Acredito que a evidenciada incapacidade de cumprimento orçamental poderá ser atenuada através de mais rigor prospetivo. O processo de elaboração do OE – sendo complexo e moroso – assenta num conjunto de simplificações que introduzem uma elevada dose de incerteza na projeção do saldo das contas públicas. Uma das principais simplificações reside na abordagem incremental das rubricas, partindo do pressuposto que o montante do ano anterior é necessário, ainda que sujeito a um ajuste. Com esta metodologia, os serviços públicos são naturalmente induzidos a cumprir o orçamento, uma vez que receiam que qualquer eficiência introduzida se torne num corte no ano seguinte. Uma forma de tornar este processo mais rigoroso passaria pela abordagem de orçamento base zero (OBZ). Esta metodologia permite construir o orçamento em função das atividades necessárias. O OBZ já foi utilizado nos EUA, a nível federal, mas também nalguns dos seus estados (p.e. Texas e Oklahoma). O OBZ pode ser alvo de aperfeiçoamento, através de uma lógica de priorização de atividades em função da sua criticidade para o serviço público em questão.

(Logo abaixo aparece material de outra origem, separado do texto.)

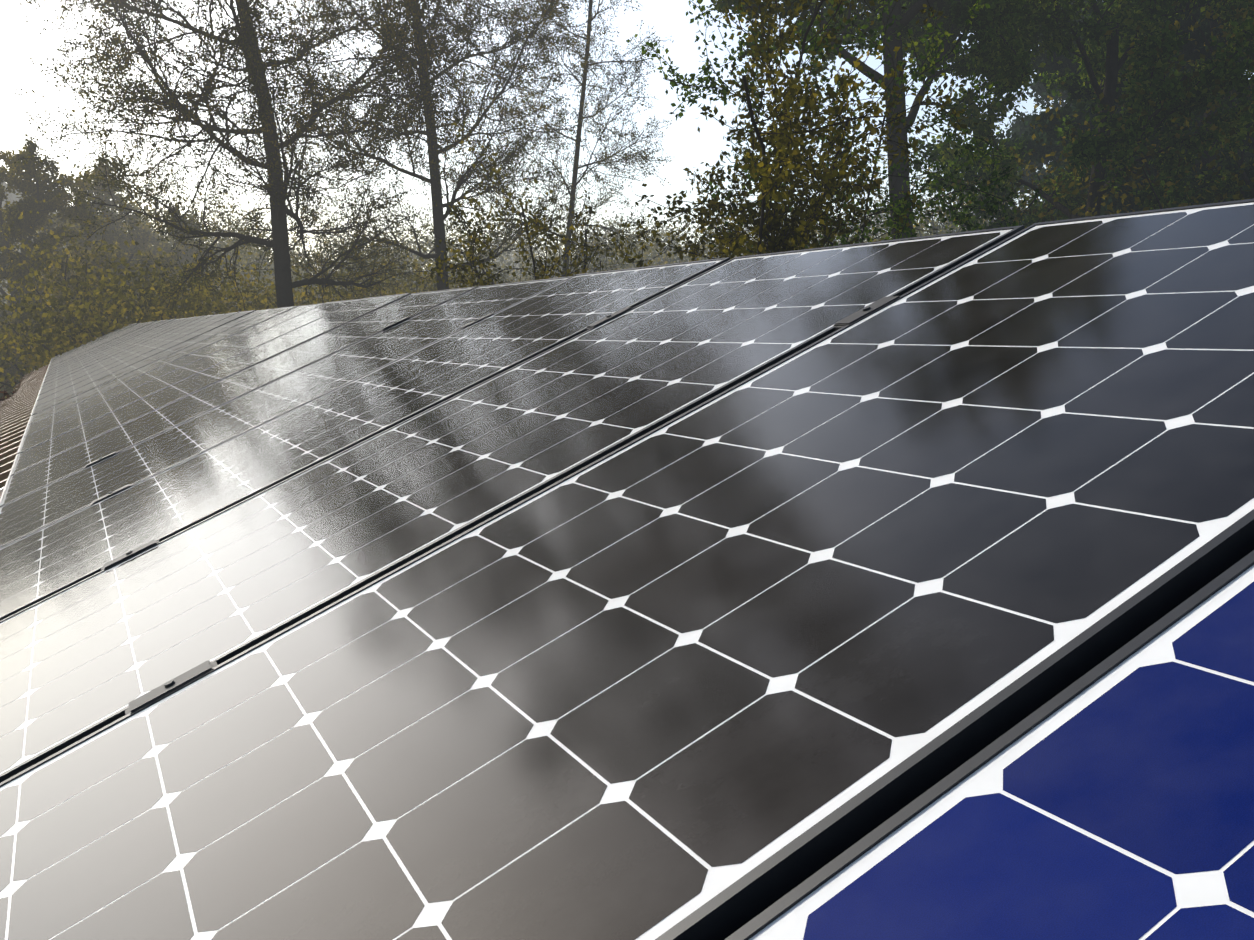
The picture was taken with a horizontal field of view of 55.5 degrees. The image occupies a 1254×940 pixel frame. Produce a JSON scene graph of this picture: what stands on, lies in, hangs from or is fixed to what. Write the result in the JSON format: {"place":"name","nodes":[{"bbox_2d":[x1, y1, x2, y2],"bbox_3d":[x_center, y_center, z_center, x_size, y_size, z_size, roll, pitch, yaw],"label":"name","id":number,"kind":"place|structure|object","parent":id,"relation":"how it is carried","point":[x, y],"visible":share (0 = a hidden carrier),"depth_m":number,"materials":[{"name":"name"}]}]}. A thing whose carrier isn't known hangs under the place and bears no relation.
{"place":"outdoors","nodes":[
{"label":"outdoors","id":0,"kind":"place"},
{"bbox_2d":[0,133,179,397],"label":"leafy tree","id":1,"kind":"object","parent":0,"point":[18,177],"depth_m":29.97,"materials":[{"name":"green plant"}]},
{"bbox_2d":[20,155,228,337],"bbox_3d":[-14.965,-4.856,36.634,6.388,9.407,6.051,-3,7,-25],"label":"leafy tree","id":2,"kind":"object","parent":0,"point":[117,235],"depth_m":35.93,"materials":[{"name":"green plant"}]},
{"bbox_2d":[11,0,530,311],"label":"tall tree","id":3,"kind":"object","parent":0,"point":[184,53],"depth_m":20.74,"materials":[{"name":"green plant"}]},
{"bbox_2d":[212,0,623,290],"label":"tall tree","id":4,"kind":"object","parent":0,"point":[402,31],"depth_m":23.35,"materials":[{"name":"green plant"}]},
{"bbox_2d":[416,119,635,288],"bbox_3d":[-0.596,-0.368,12.275,3.392,6.107,3.287,-3,7,-25],"label":"tree","id":5,"kind":"object","parent":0,"point":[575,264],"depth_m":11.47,"materials":[{"name":"green plant"}]},
{"bbox_2d":[448,0,673,283],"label":"tall tree","id":6,"kind":"object","parent":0,"point":[608,131],"depth_m":28.38,"materials":[{"name":"green plant"}]},
{"bbox_2d":[0,0,1253,274],"label":"sky","id":7,"kind":"structure","parent":0,"point":[687,147],"materials":[{"name":"white"}]},
{"bbox_2d":[607,0,977,267],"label":"tree","id":8,"kind":"object","parent":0,"point":[786,176],"depth_m":8.48,"materials":[{"name":"green plant"}]},
{"bbox_2d":[626,0,1047,256],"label":"tree","id":9,"kind":"object","parent":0,"point":[889,222],"depth_m":10.49,"materials":[{"name":"green plant"}]},
{"bbox_2d":[706,0,1040,239],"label":"tree","id":10,"kind":"object","parent":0,"point":[999,14],"depth_m":17.89,"materials":[{"name":"green plant"}]},
{"bbox_2d":[987,0,1102,219],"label":"tree","id":11,"kind":"object","parent":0,"point":[1017,127],"depth_m":31.00,"materials":[{"name":"green plant"}]},
{"bbox_2d":[908,0,1253,232],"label":"tree","id":12,"kind":"object","parent":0,"point":[1143,59],"depth_m":18.10,"materials":[{"name":"green plant"}]},
{"bbox_2d":[988,1,1251,224],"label":"tree","id":13,"kind":"object","parent":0,"point":[1049,132],"depth_m":24.11,"materials":[{"name":"green plant"}]},
{"bbox_2d":[1055,0,1253,215],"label":"tree","id":14,"kind":"object","parent":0,"point":[1188,46],"depth_m":20.58,"materials":[{"name":"green plant"}]},
{"label":"ground","id":15,"kind":"structure","parent":0,"visible":0},
{"bbox_2d":[0,373,16,401],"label":"tree","id":16,"kind":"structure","parent":15,"relation":"on","point":[5,393],"depth_m":34.05,"materials":[{"name":"green plant"}]},
{"bbox_2d":[0,207,38,303],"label":"tree","id":17,"kind":"object","parent":15,"relation":"on","point":[7,280],"visible":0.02,"depth_m":46.61,"materials":[{"name":"green plant"}]},
{"bbox_2d":[0,189,56,291],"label":"tree","id":18,"kind":"object","parent":15,"relation":"on","point":[16,239],"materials":[{"name":"green plant"}]},
{"bbox_2d":[0,181,234,397],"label":"tree","id":19,"kind":"object","parent":15,"relation":"on","point":[78,270],"depth_m":26.40,"materials":[{"name":"green plant"}]},
{"bbox_2d":[5,143,264,317],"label":"tree","id":20,"kind":"object","parent":15,"relation":"on","point":[122,195],"depth_m":45.55,"materials":[{"name":"green plant"}]},
{"bbox_2d":[0,213,276,391],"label":"tree","id":21,"kind":"object","parent":15,"relation":"on","point":[79,313],"depth_m":22.91,"materials":[{"name":"green plant"}]},
{"bbox_2d":[50,186,337,310],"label":"tree","id":22,"kind":"object","parent":15,"relation":"on","point":[243,256],"depth_m":40.29,"materials":[{"name":"green plant"}]},
{"bbox_2d":[92,235,341,330],"bbox_3d":[-9.378,-2.429,28.985,6.754,6.374,7.057,-3,7,-25],"label":"tree","id":23,"kind":"object","parent":15,"relation":"on","point":[258,301],"depth_m":27.54,"materials":[{"name":"green plant"}]},
{"bbox_2d":[146,179,318,312],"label":"tree","id":24,"kind":"object","parent":15,"relation":"on","point":[215,217],"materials":[{"name":"green plant"}]},
{"bbox_2d":[202,200,343,312],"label":"tree","id":25,"kind":"object","parent":15,"relation":"on","point":[272,264],"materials":[{"name":"green plant"}]},
{"bbox_2d":[158,245,403,318],"bbox_3d":[-6.932,-2.005,27.113,6.833,5.972,6.251,-3,7,-25],"label":"tree","id":26,"kind":"object","parent":15,"relation":"on","point":[311,297],"depth_m":25.92,"materials":[{"name":"green plant"}]},
{"bbox_2d":[213,212,420,303],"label":"tree","id":27,"kind":"object","parent":15,"relation":"on","point":[302,272],"depth_m":45.02,"materials":[{"name":"green plant"}]},
{"bbox_2d":[294,214,459,289],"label":"tree","id":28,"kind":"object","parent":15,"relation":"on","point":[360,242],"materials":[{"name":"green plant"}]},
{"bbox_2d":[268,231,494,308],"bbox_3d":[-6.967,-2.968,31.856,8.201,6.799,8.008,-3,7,-25],"label":"tree","id":29,"kind":"object","parent":15,"relation":"on","point":[385,286],"depth_m":31.58,"materials":[{"name":"green plant"}]},
{"bbox_2d":[305,188,509,298],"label":"tree","id":30,"kind":"object","parent":15,"relation":"on","point":[398,236],"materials":[{"name":"green plant"}]},
{"bbox_2d":[318,242,502,298],"bbox_3d":[-4.780,-2.576,29.903,6.772,6.457,6.566,-3,7,-25],"label":"tree","id":31,"kind":"object","parent":15,"relation":"on","point":[430,288],"depth_m":29.39,"materials":[{"name":"green plant"}]},
{"bbox_2d":[358,198,571,291],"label":"tree","id":32,"kind":"object","parent":15,"relation":"on","point":[502,260],"depth_m":47.81,"materials":[{"name":"green plant"}]},
{"bbox_2d":[426,215,558,286],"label":"tree","id":33,"kind":"object","parent":15,"relation":"on","point":[512,258],"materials":[{"name":"green plant"}]},
{"bbox_2d":[463,226,612,283],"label":"tree","id":34,"kind":"object","parent":15,"relation":"on","point":[515,264],"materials":[{"name":"green plant"}]},
{"bbox_2d":[505,205,687,280],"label":"tree","id":35,"kind":"object","parent":15,"relation":"on","point":[602,259],"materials":[{"name":"green plant"}]},
{"bbox_2d":[534,209,798,271],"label":"tree","id":36,"kind":"object","parent":15,"relation":"on","point":[665,259],"depth_m":43.06,"materials":[{"name":"green plant"}]},
{"bbox_2d":[660,226,817,263],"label":"tree","id":37,"kind":"object","parent":15,"relation":"on","point":[716,245],"depth_m":58.23,"materials":[{"name":"green plant"}]},
{"bbox_2d":[673,194,821,262],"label":"tree","id":38,"kind":"object","parent":15,"relation":"on","point":[745,229],"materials":[{"name":"green plant"}]},
{"bbox_2d":[727,190,941,248],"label":"tree","id":39,"kind":"object","parent":15,"relation":"on","point":[818,233],"depth_m":44.15,"materials":[{"name":"green plant"}]},
{"bbox_2d":[789,193,953,243],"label":"tree","id":40,"kind":"object","parent":15,"relation":"on","point":[882,214],"visible":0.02,"depth_m":76.11,"materials":[{"name":"green plant"}]},
{"bbox_2d":[818,117,1046,241],"bbox_3d":[11.143,-5.837,38.943,13.140,10.918,10.526,-3,7,-25],"label":"tree","id":41,"kind":"object","parent":15,"relation":"on","point":[922,226],"depth_m":38.25,"materials":[{"name":"green plant"}]},
{"bbox_2d":[913,182,1031,234],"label":"tree","id":42,"kind":"object","parent":15,"relation":"on","point":[958,228],"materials":[{"name":"green plant"}]},
{"bbox_2d":[868,0,1253,233],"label":"tree","id":43,"kind":"object","parent":15,"relation":"on","point":[1237,195],"depth_m":17.74,"materials":[{"name":"green plant"}]},
{"bbox_2d":[991,55,1250,214],"bbox_3d":[12.854,-6.955,27.324,10.324,9.257,9.784,-1,7,-6],"label":"tree","id":44,"kind":"object","parent":15,"relation":"on","point":[1027,173],"visible":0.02,"depth_m":27.69,"materials":[{"name":"green plant"}]},
{"bbox_3d":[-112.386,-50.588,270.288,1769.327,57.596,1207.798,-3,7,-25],"label":"hills","id":45,"kind":"structure","parent":0,"visible":0},
{"bbox_2d":[1,164,64,247],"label":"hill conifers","id":46,"kind":"object","parent":45,"relation":"on","point":[11,196],"visible":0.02,"depth_m":251.11,"materials":[{"name":"green plant"}]},
{"bbox_2d":[541,202,714,277],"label":"tree","id":47,"kind":"object","parent":45,"relation":"on","point":[635,230],"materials":[{"name":"green plant"}]},
{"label":"posts","id":48,"kind":"object","parent":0,"visible":0},
{"bbox_2d":[0,364,48,497],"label":"roof","id":49,"kind":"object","parent":48,"relation":"on","point":[16,408],"visible":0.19,"depth_m":9.78,"materials":[{"name":"brown wood"}]},
{"bbox_3d":[-4.900,-1.095,11.653,1.559,0.009,26.640,-29,17,-20],"label":"roof underlay","id":50,"kind":"object","parent":49,"relation":"on","visible":0},
{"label":"mounting rails","id":51,"kind":"object","parent":50,"relation":"on","visible":0},
{"bbox_2d":[51,324,131,358],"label":"solar panel","id":52,"kind":"object","parent":51,"relation":"on","point":[95,339],"visible":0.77,"depth_m":22.43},
{"bbox_2d":[51,324,133,359],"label":"solar panel","id":53,"kind":"object","parent":51,"relation":"on","point":[92,341],"visible":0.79,"depth_m":21.75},
{"bbox_2d":[51,323,138,360],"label":"solar panel","id":54,"kind":"object","parent":51,"relation":"on","point":[95,341],"visible":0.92,"depth_m":20.89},
{"bbox_2d":[50,323,139,361],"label":"solar panel","id":55,"kind":"object","parent":51,"relation":"on","point":[94,342],"visible":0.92,"depth_m":20.23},
{"bbox_2d":[50,323,141,362],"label":"solar panel","id":56,"kind":"object","parent":51,"relation":"on","point":[94,343],"visible":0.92,"depth_m":19.51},
{"bbox_2d":[50,322,146,363],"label":"solar panel","id":57,"kind":"object","parent":51,"relation":"on","point":[100,341],"visible":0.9,"depth_m":18.79,"materials":[{"name":"black glass"}]},
{"bbox_2d":[49,322,149,364],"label":"solar panel","id":58,"kind":"object","parent":51,"relation":"on","point":[98,343],"visible":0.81,"depth_m":18.04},
{"bbox_2d":[84,452,117,467],"bbox_3d":[-1.516,-0.010,3.458,0.100,0.058,0.034,-29,17,-20],"label":"clamp","id":59,"kind":"object","parent":51,"relation":"on","point":[100,459],"visible":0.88,"depth_m":3.44,"materials":[{"name":"silver metal"}]},
{"bbox_2d":[48,321,154,366],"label":"solar panel","id":60,"kind":"object","parent":51,"relation":"on","point":[102,343],"visible":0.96,"depth_m":17.20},
{"bbox_2d":[48,321,157,368],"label":"solar panel","id":61,"kind":"object","parent":51,"relation":"on","point":[99,345],"visible":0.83,"depth_m":16.61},
{"bbox_2d":[47,320,163,370],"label":"solar panel","id":62,"kind":"object","parent":51,"relation":"on","point":[105,344],"visible":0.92,"depth_m":15.76,"materials":[{"name":"black glass"}]},
{"bbox_2d":[46,320,167,372],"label":"solar panel","id":63,"kind":"object","parent":51,"relation":"on","point":[105,346],"visible":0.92,"depth_m":15.06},
{"bbox_2d":[45,319,174,374],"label":"solar panel","id":64,"kind":"object","parent":51,"relation":"on","point":[111,345],"visible":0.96,"depth_m":14.29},
{"bbox_2d":[90,484,132,504],"bbox_3d":[-1.166,0.076,2.721,0.100,0.058,0.034,-29,17,-20],"label":"clamp","id":65,"kind":"object","parent":51,"relation":"on","point":[111,493],"visible":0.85,"depth_m":2.71,"materials":[{"name":"silver metal"}]},
{"bbox_2d":[45,319,178,376],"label":"solar panel","id":66,"kind":"object","parent":51,"relation":"on","point":[60,369],"visible":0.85,"depth_m":13.59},
{"bbox_2d":[44,318,185,379],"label":"solar panel","id":67,"kind":"object","parent":51,"relation":"on","point":[102,353],"visible":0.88,"depth_m":12.85,"materials":[{"name":"grey glass"}]},
{"bbox_2d":[43,317,193,382],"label":"solar panel","id":68,"kind":"object","parent":51,"relation":"on","point":[112,351],"visible":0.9,"depth_m":12.10,"materials":[{"name":"grey glass"}]},
{"bbox_2d":[41,316,202,386],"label":"solar panel","id":69,"kind":"object","parent":51,"relation":"on","point":[117,352],"visible":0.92,"depth_m":11.36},
{"bbox_2d":[40,315,212,389],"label":"solar panel","id":70,"kind":"object","parent":51,"relation":"on","point":[126,351],"visible":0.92,"depth_m":10.64,"materials":[{"name":"grey glass"}]},
{"bbox_2d":[101,540,159,570],"bbox_3d":[-0.816,0.161,1.985,0.100,0.058,0.034,-29,17,-20],"label":"clamp","id":71,"kind":"object","parent":51,"relation":"on","point":[128,554],"visible":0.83,"depth_m":1.97,"materials":[{"name":"silver metal"}]},
{"bbox_2d":[38,314,223,394],"bbox_3d":[-4.094,-0.953,9.882,1.559,0.046,0.798,-29,17,-20],"label":"solar panel","id":72,"kind":"object","parent":51,"relation":"on","point":[79,375],"visible":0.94,"depth_m":9.89,"materials":[{"name":"grey glass"}]},
{"bbox_2d":[36,312,237,400],"bbox_3d":[-3.744,-0.868,9.146,1.559,0.047,0.798,-29,17,-20],"label":"solar panel","id":73,"kind":"object","parent":51,"relation":"on","point":[121,361],"visible":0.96,"depth_m":9.14,"materials":[{"name":"grey glass"}]},
{"bbox_2d":[33,310,255,407],"bbox_3d":[-3.394,-0.783,8.409,1.559,0.046,0.798,-29,17,-20],"label":"solar panel","id":74,"kind":"object","parent":51,"relation":"on","point":[144,356],"visible":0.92,"depth_m":8.38,"materials":[{"name":"grey glass"}]},
{"bbox_2d":[31,308,274,415],"bbox_3d":[-3.044,-0.696,7.673,1.559,0.047,0.798,-29,17,-20],"label":"solar panel","id":75,"kind":"object","parent":51,"relation":"on","point":[126,370],"visible":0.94,"depth_m":7.65,"materials":[{"name":"grey glass"}]},
{"bbox_2d":[27,306,296,424],"bbox_3d":[-2.694,-0.610,6.936,1.559,0.047,0.798,-29,17,-20],"label":"solar panel","id":76,"kind":"object","parent":51,"relation":"on","point":[154,365],"visible":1,"depth_m":6.91,"materials":[{"name":"grey glass"}]},
{"bbox_2d":[125,660,217,714],"bbox_3d":[-0.466,0.247,1.248,0.100,0.058,0.034,-29,17,-20],"label":"clamp","id":77,"kind":"object","parent":51,"relation":"on","point":[166,688],"visible":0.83,"depth_m":1.24,"materials":[{"name":"silver metal"}]},
{"bbox_2d":[23,303,323,436],"bbox_3d":[-2.344,-0.524,6.199,1.559,0.046,0.798,-29,17,-20],"label":"solar panel","id":78,"kind":"object","parent":51,"relation":"on","point":[149,376],"visible":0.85,"depth_m":6.19,"materials":[{"name":"grey glass"}]},
{"bbox_2d":[17,299,360,453],"bbox_3d":[-1.995,-0.440,5.462,1.559,0.046,0.798,-29,17,-20],"label":"solar panel","id":79,"kind":"object","parent":51,"relation":"on","point":[38,437],"visible":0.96,"depth_m":5.43,"materials":[{"name":"grey glass"}]},
{"bbox_2d":[9,293,410,475],"bbox_3d":[-1.645,-0.355,4.726,1.559,0.046,0.798,-29,17,-20],"label":"solar panel","id":80,"kind":"object","parent":51,"relation":"on","point":[34,455],"visible":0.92,"depth_m":4.67,"materials":[{"name":"black glass"}]},
{"bbox_2d":[0,286,476,506],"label":"solar panel","id":81,"kind":"object","parent":51,"relation":"on","point":[39,475],"visible":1,"depth_m":3.93,"materials":[{"name":"black glass"}]},
{"bbox_2d":[0,276,571,547],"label":"solar panel","id":82,"kind":"object","parent":51,"relation":"on","point":[40,508],"visible":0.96,"depth_m":3.19,"materials":[{"name":"black glass"}]},
{"bbox_2d":[0,257,730,620],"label":"solar panel","id":83,"kind":"object","parent":51,"relation":"on","point":[96,537],"visible":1,"depth_m":2.43,"materials":[{"name":"black glass"}]},
{"bbox_2d":[381,317,409,330],"bbox_3d":[-0.725,-0.444,3.783,0.100,0.058,0.034,-29,17,-20],"label":"clamp","id":84,"kind":"object","parent":51,"relation":"on","point":[395,323],"visible":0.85,"depth_m":3.77,"materials":[{"name":"metal"}]},
{"bbox_2d":[459,313,493,329],"bbox_3d":[-0.375,-0.358,3.046,0.100,0.058,0.034,-29,17,-20],"label":"clamp","id":85,"kind":"object","parent":51,"relation":"on","point":[476,320],"visible":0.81,"depth_m":3.03,"materials":[{"name":"silver metal"}]},
{"bbox_2d":[0,225,1024,782],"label":"solar panel","id":86,"kind":"object","parent":51,"relation":"on","point":[90,655],"visible":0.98,"depth_m":1.66,"materials":[{"name":"black glass"}]},
{"bbox_2d":[586,307,631,329],"bbox_3d":[-0.025,-0.273,2.310,0.100,0.058,0.034,-29,17,-20],"label":"clamp","id":87,"kind":"object","parent":51,"relation":"on","point":[607,318],"visible":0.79,"depth_m":2.30,"materials":[{"name":"metal"}]},
{"bbox_2d":[0,199,1253,939],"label":"solar panel","id":88,"kind":"object","parent":51,"relation":"on","point":[724,665],"visible":1,"depth_m":0.89,"materials":[{"name":"black glass"}]},
{"bbox_2d":[834,296,899,329],"bbox_3d":[0.325,-0.188,1.573,0.100,0.058,0.034,-29,17,-20],"label":"clamp","id":89,"kind":"object","parent":51,"relation":"on","point":[865,311],"visible":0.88,"depth_m":1.56,"materials":[{"name":"silver metal"}]},
{"bbox_2d":[725,550,1253,939],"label":"solar panel","id":90,"kind":"object","parent":51,"relation":"on","point":[1110,797],"visible":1,"depth_m":0.56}
]}

Outra fonte de imprecisão no exercício de orçamentação refere-se à inexistente gestão da incerteza. É anacrónico que no OE, por exemplo, o câmbio EUR/USD e o preço do barril de Brent sejam parâmetros fixos. Uma das formas de gerir a incerteza passa pela criação de cenários de evolução de parâmetros-chave para o processo de decisão.

Pelo exposto, o rigor na elaboração do OE é uma matéria em que a administração pública deve investir. Se nas (boas) empresas privadas já se utilizam ferramentas de machine learning e data mining para previsão financeira e operacional, é importante que o governo convide a Universidade a participar na modernização da metodologia de construção do OE. Se este investimento não for feito, a famosa citação de John Kenneth Galbraith continuará a ser corroborada ano após ano: “the only function of economic forecasting is to make astrology look respectable”.